_PROBLEM DETAILS:_
Take the data below and write it out exactly, except for the pictures.

Entries taken from a collection

*** Begin section ***

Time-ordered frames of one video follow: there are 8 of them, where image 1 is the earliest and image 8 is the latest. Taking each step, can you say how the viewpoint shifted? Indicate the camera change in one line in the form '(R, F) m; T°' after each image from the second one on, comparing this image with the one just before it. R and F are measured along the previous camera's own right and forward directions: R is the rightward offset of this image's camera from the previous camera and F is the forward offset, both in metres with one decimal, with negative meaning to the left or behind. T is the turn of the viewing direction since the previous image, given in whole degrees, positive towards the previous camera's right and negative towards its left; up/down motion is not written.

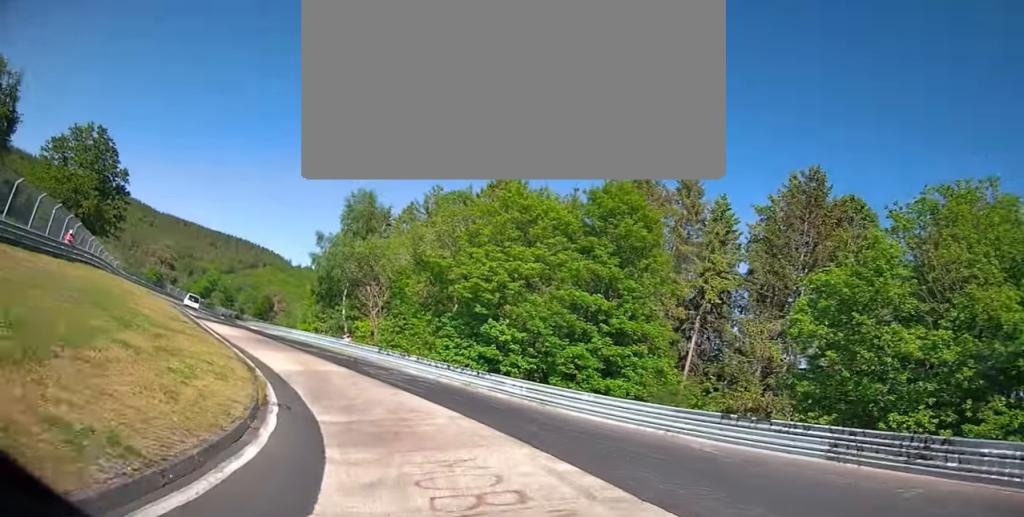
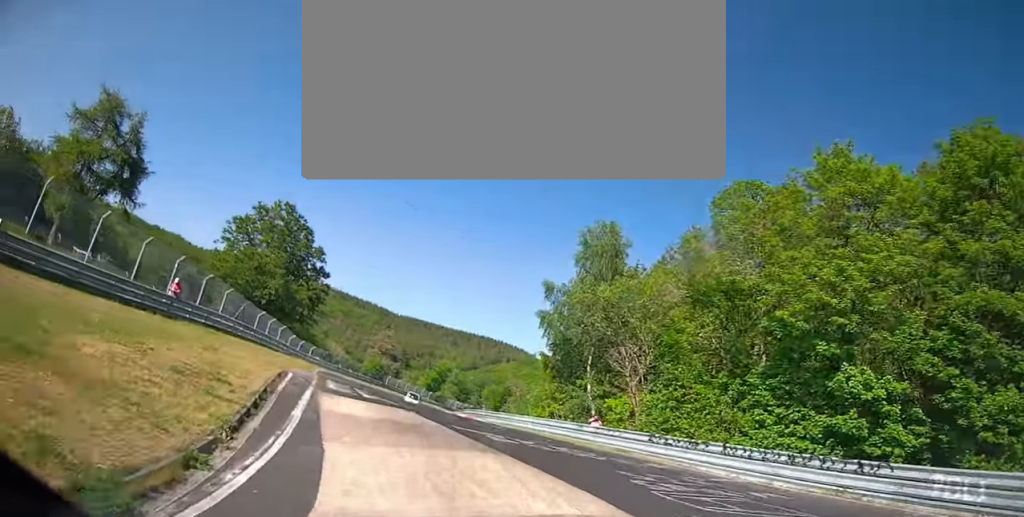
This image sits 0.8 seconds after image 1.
(-2.4, +14.2) m; -13°
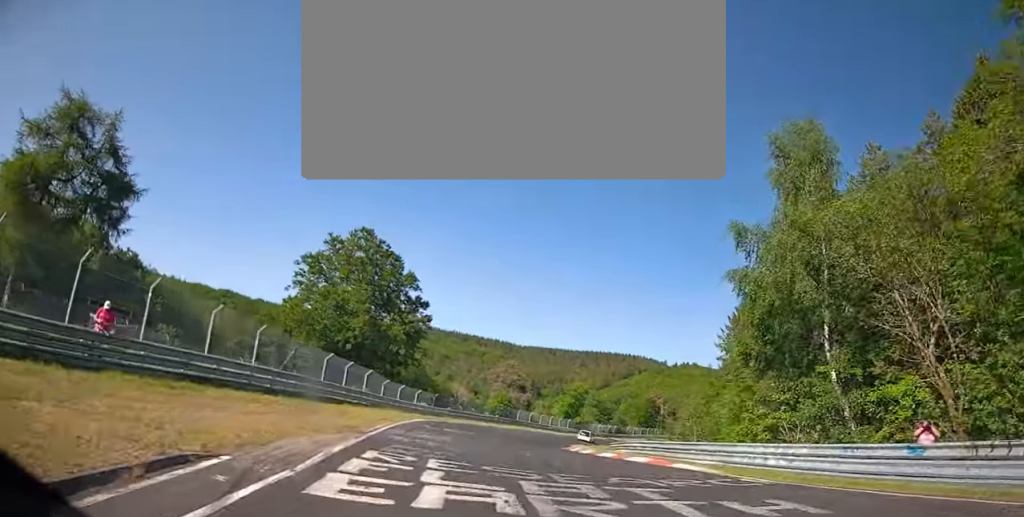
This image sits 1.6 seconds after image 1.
(-1.3, +14.2) m; -6°
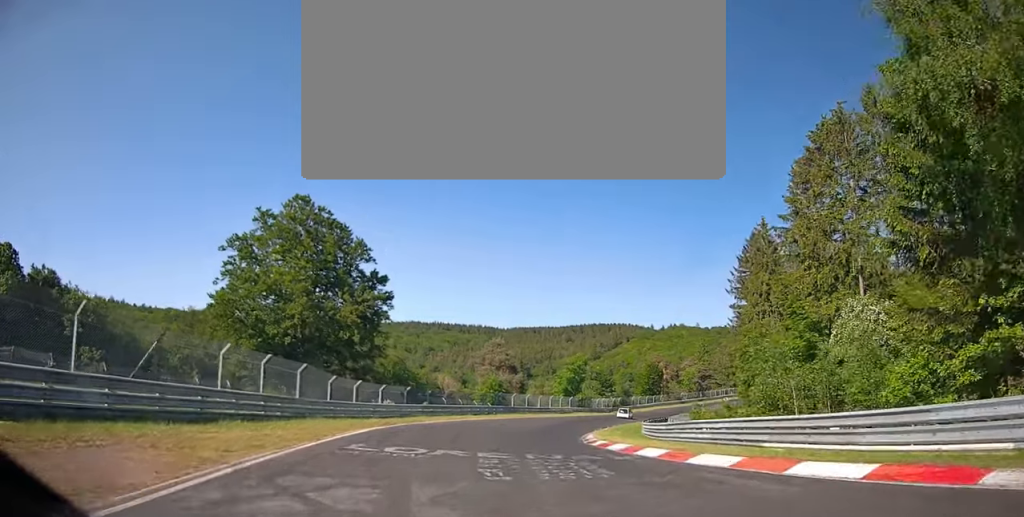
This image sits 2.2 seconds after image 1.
(-0.6, +12.8) m; -1°
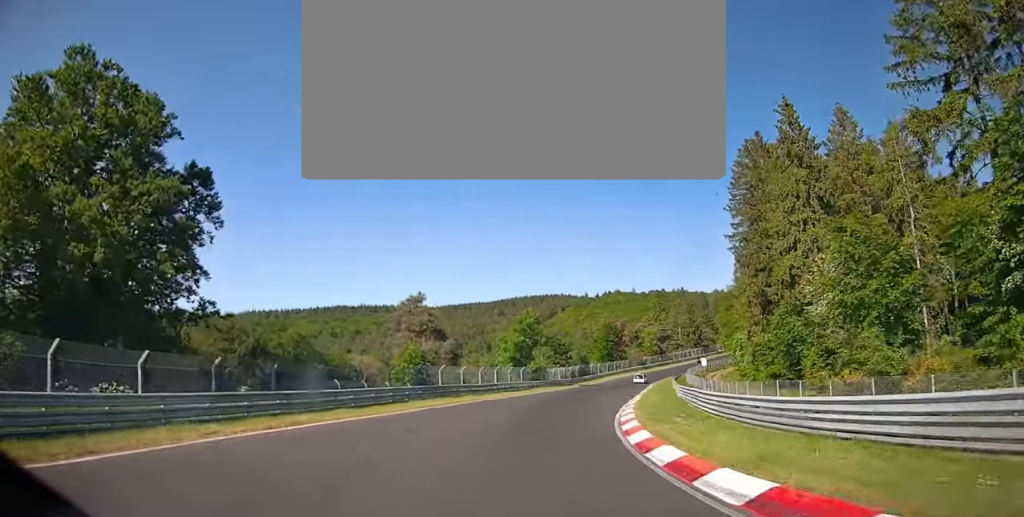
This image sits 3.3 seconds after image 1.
(+0.7, +25.0) m; +7°
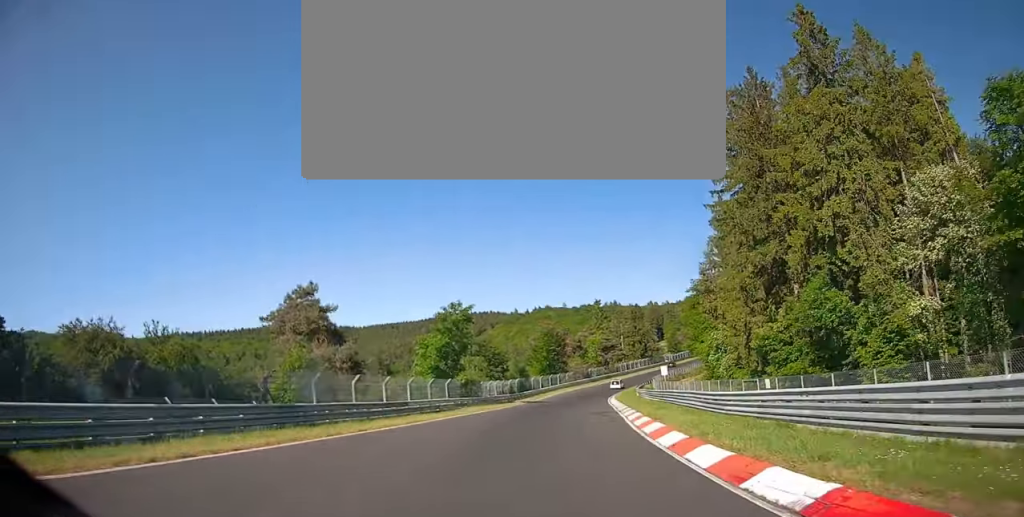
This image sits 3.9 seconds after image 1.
(+1.3, +17.4) m; +6°
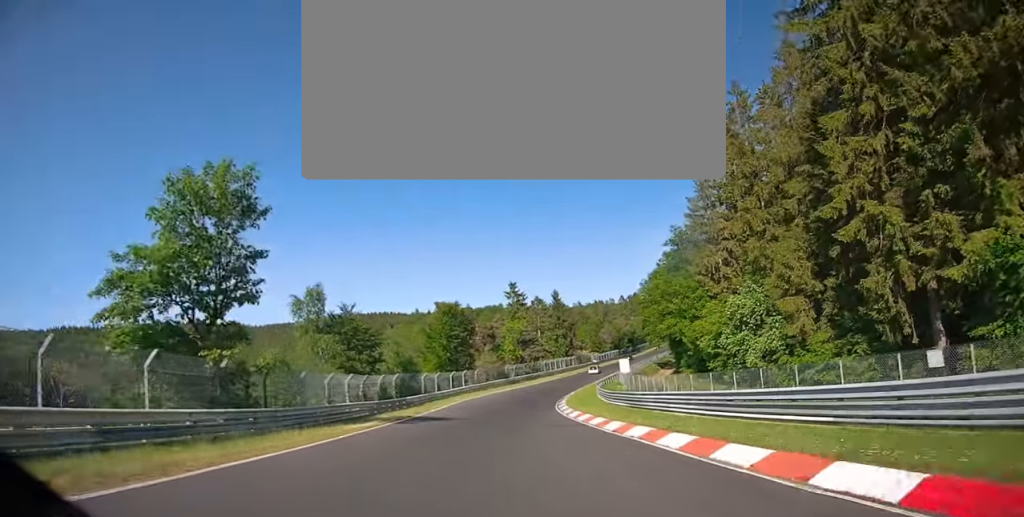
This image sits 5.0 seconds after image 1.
(+2.9, +33.4) m; +9°
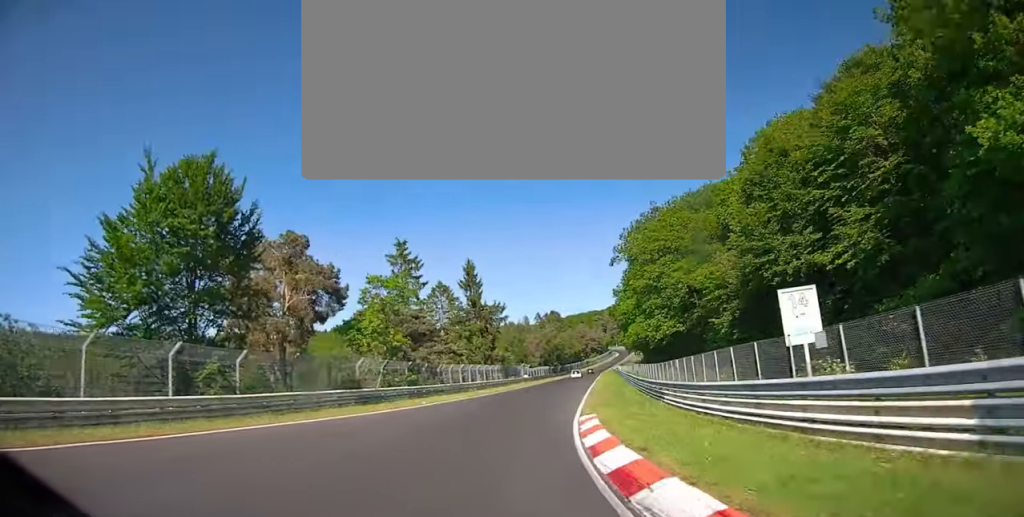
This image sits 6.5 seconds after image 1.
(+3.7, +51.4) m; +8°

*** End section ***

_OUTPUT OF THE TASK:_
Time-ordered frames of one video follow: there are 8 of them, where image 1 is the earliest and image 8 is the latest. Taking each step, can you say how the viewpoint shifted? Indicate the camera change in one line in the form '(R, F) m; T°' after each image from the second one on, comparing this image with the one just before it. R and F are measured along the previous camera's own right and forward directions: R is the rightward offset of this image's camera from the previous camera and F is the forward offset, both in metres with one decimal, with negative meaning to the left or behind. T is the turn of the viewing direction since the previous image, given in whole degrees, positive towards the previous camera's right and negative towards its left; up/down motion is not written.

This image sits 0.8 seconds after image 1.
(-2.4, +14.2) m; -13°
This image sits 1.6 seconds after image 1.
(-1.3, +14.2) m; -6°
This image sits 2.2 seconds after image 1.
(-0.6, +12.8) m; -1°
This image sits 3.3 seconds after image 1.
(+0.7, +25.0) m; +7°
This image sits 3.9 seconds after image 1.
(+1.3, +17.4) m; +6°
This image sits 5.0 seconds after image 1.
(+2.9, +33.4) m; +9°
This image sits 6.5 seconds after image 1.
(+3.7, +51.4) m; +8°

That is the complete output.